Most machines berkarburator have only one carburetor, but some are using one carburetor for each cylinder owned. Even had a trend motorcycle modification in Indonesia the use of multi-carbu (many carburetors), but this is usually only used as decoration with no technical function. Early generation machines use carburetors upward flow (updraft), where the air enters through the bottom of the carburetor and then out through the top. The advantage of this design is to avoid the occurrence of engine flooding, the excess liquid fuel will spill out directly to the carburetor and into the intake mainfold; advantage is the bottom of the carburetor can be connected to the oil channels that are involved there is little oil into the air stream and are used to wash the air filter; however using air filters made ​​of paper using oil washing is no longer needed now.

Beginning in the late 1930's, the flow carburetor down (downdraft) and flow laterally.

operational

At any time of the operation, the carburetor should be able to:

     > Adjust the amount of airflow into the combustion chamber
     > Deliver fuel with the right amount of air to flow into the combustion chamber so that the ratio of fuel / air is maintained.
     > Mixing of air and fuel Airan flat and perfectly

The above items will be easier to do if only gasoline and air is an ideal fluid 'but in fact, by their nature, namely the viscosity, fluid friction, fluid inertia, and so karbrator become very complex in overcoming this situation is not ideal. Also carburetor must remain capable of producing a mixture of gasoline / air right under any circumstances, because the carburetor must operate in temperature, air pressure, engine speed, and centrifugal force is very diverse. Carburetor must be able to operate in a state :

     > Start the engine in the cold
     > Start in hot conditions
     > Langsam or running at low speed
     > Acceleration when the gas suddenly opened
     > High speed with a fully open gas
     > Steady pace with the gas partially open for long periods of time

Modern carburetor should also be able to reduce the amount of vehicle emissions.

base

Carburetor basically an open pipe on both ends, the pipe is moving toward the intake air into the engine mainfold head / combustion chamber. Venturi-shaped pipe, from one end of the wide surface and narrow in the middle and then widens again at the other end. This shape causes the air flow velocity increases when passing through a narrow passage.
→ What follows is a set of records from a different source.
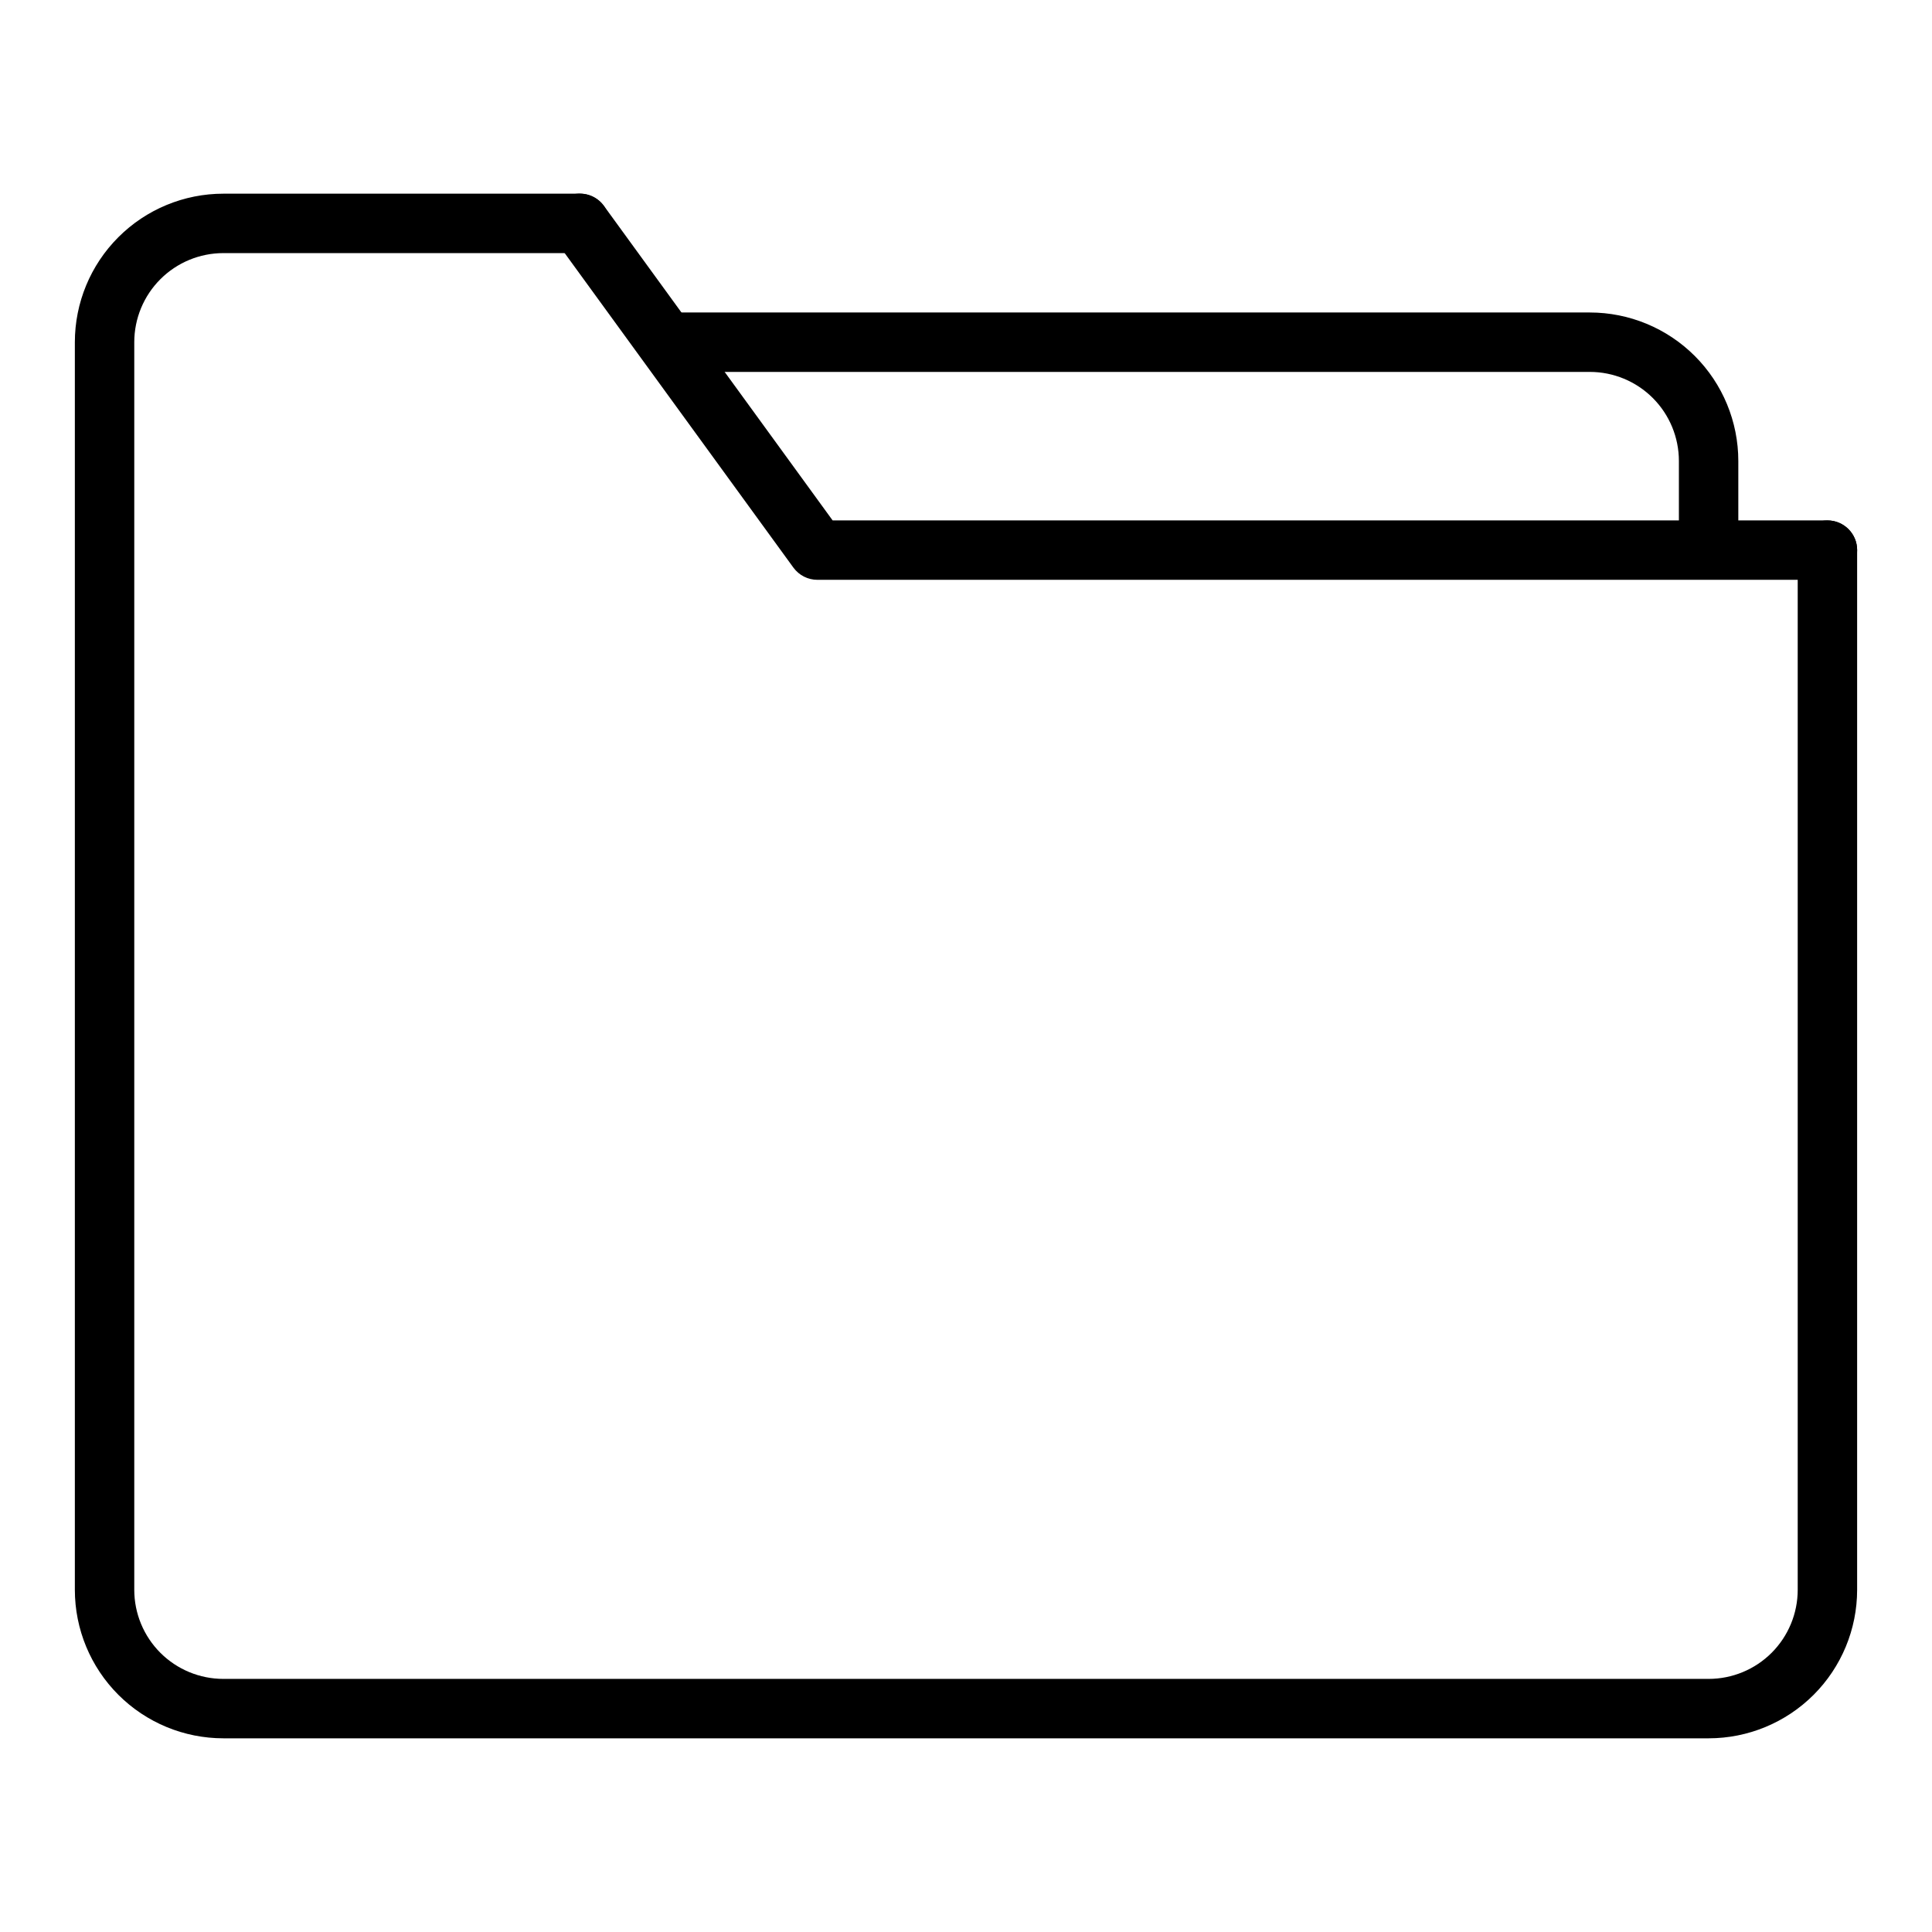 <?xml version="1.0" encoding="UTF-8"?>
<!-- Uploaded to: SVG Repo, www.svgrepo.com, Generator: SVG Repo Mixer Tools -->
<svg fill="#000000" width="800px" height="800px" version="1.1" viewBox="144 144 512 512" xmlns="http://www.w3.org/2000/svg">
 <g>
  <path d="m596.8 604.67h-393.6c-10.441 0-20.453-4.148-27.832-11.527-7.383-7.383-11.531-17.395-11.531-27.832v-330.62c0-10.441 4.148-20.453 11.531-27.832 7.379-7.383 17.391-11.531 27.832-11.531h94.465c4.348 0 7.871 3.527 7.871 7.875 0 4.348-3.523 7.871-7.871 7.871h-94.465c-6.266 0-12.273 2.488-16.699 6.918-4.43 4.426-6.918 10.434-6.918 16.699v330.62c0 6.262 2.488 12.27 6.918 16.699 4.426 4.426 10.434 6.914 16.699 6.914h393.6c6.262 0 12.27-2.488 16.699-6.914 4.426-4.43 6.914-10.438 6.914-16.699v-275.52c0-4.348 3.527-7.871 7.875-7.871 4.348 0 7.871 3.523 7.871 7.871v275.52c0 10.438-4.148 20.449-11.527 27.832-7.383 7.379-17.395 11.527-27.832 11.527z"/>
  <path d="m628.29 297.66h-267.65c-2.519 0.004-4.887-1.195-6.375-3.231l-62.977-86.594v0.004c-2.562-3.523-1.789-8.457 1.734-11.023 3.519-2.562 8.453-1.789 11.02 1.734l60.613 83.363h263.64c4.348 0 7.871 3.523 7.871 7.871 0 4.348-3.523 7.875-7.871 7.875z"/>
  <path d="m596.8 289.79c-4.348 0-7.875-3.523-7.875-7.871v-15.742c0-6.266-2.488-12.273-6.914-16.699-4.43-4.43-10.438-6.918-16.699-6.918h-244.04c-4.348 0-7.871-3.523-7.871-7.871s3.523-7.875 7.871-7.875h244.04c10.438 0 20.449 4.148 27.832 11.531 7.379 7.379 11.527 17.391 11.527 27.832v15.742c0 2.09-0.832 4.09-2.305 5.566-1.477 1.477-3.481 2.305-5.566 2.305z"/>
 </g>
</svg>

In the fixed venturi type, tip carburetor equipped with air valve butterfly valve called the throttle (gas valve), a kind of disc that can rotate to close and open movement of air flow so it can adjust the amount of air / fuel in the combustion chamber. The number of the air / fuel is what determines the power and / or speed of motion machine. Gas pedal, or on motorcycles, gas grip is connected directly to the valve via cable. But the venturi type move, where the valve is not found as a set the size of the flow of air / fuel is the venturi size itself can vary. Gas pedal or grip connected to a piston that regulates the narrow gap in the venturi

Fuel sprayed the air flow through small channels contained in a narrow space inside the venturi. Low pressure of air moving in the venturi draw fuel from the carburetor bowl so that the fuel is ejected and follow the flow of air. These channels are called jets.
Open the gas from the throttle

When the handle is opened a little gas from the fully closed position, there is a venturi section having a lower pressure valve being closed due to spinning. This section provides a carburetor jet more than the other to smooth the distribution of fuel in the air stream.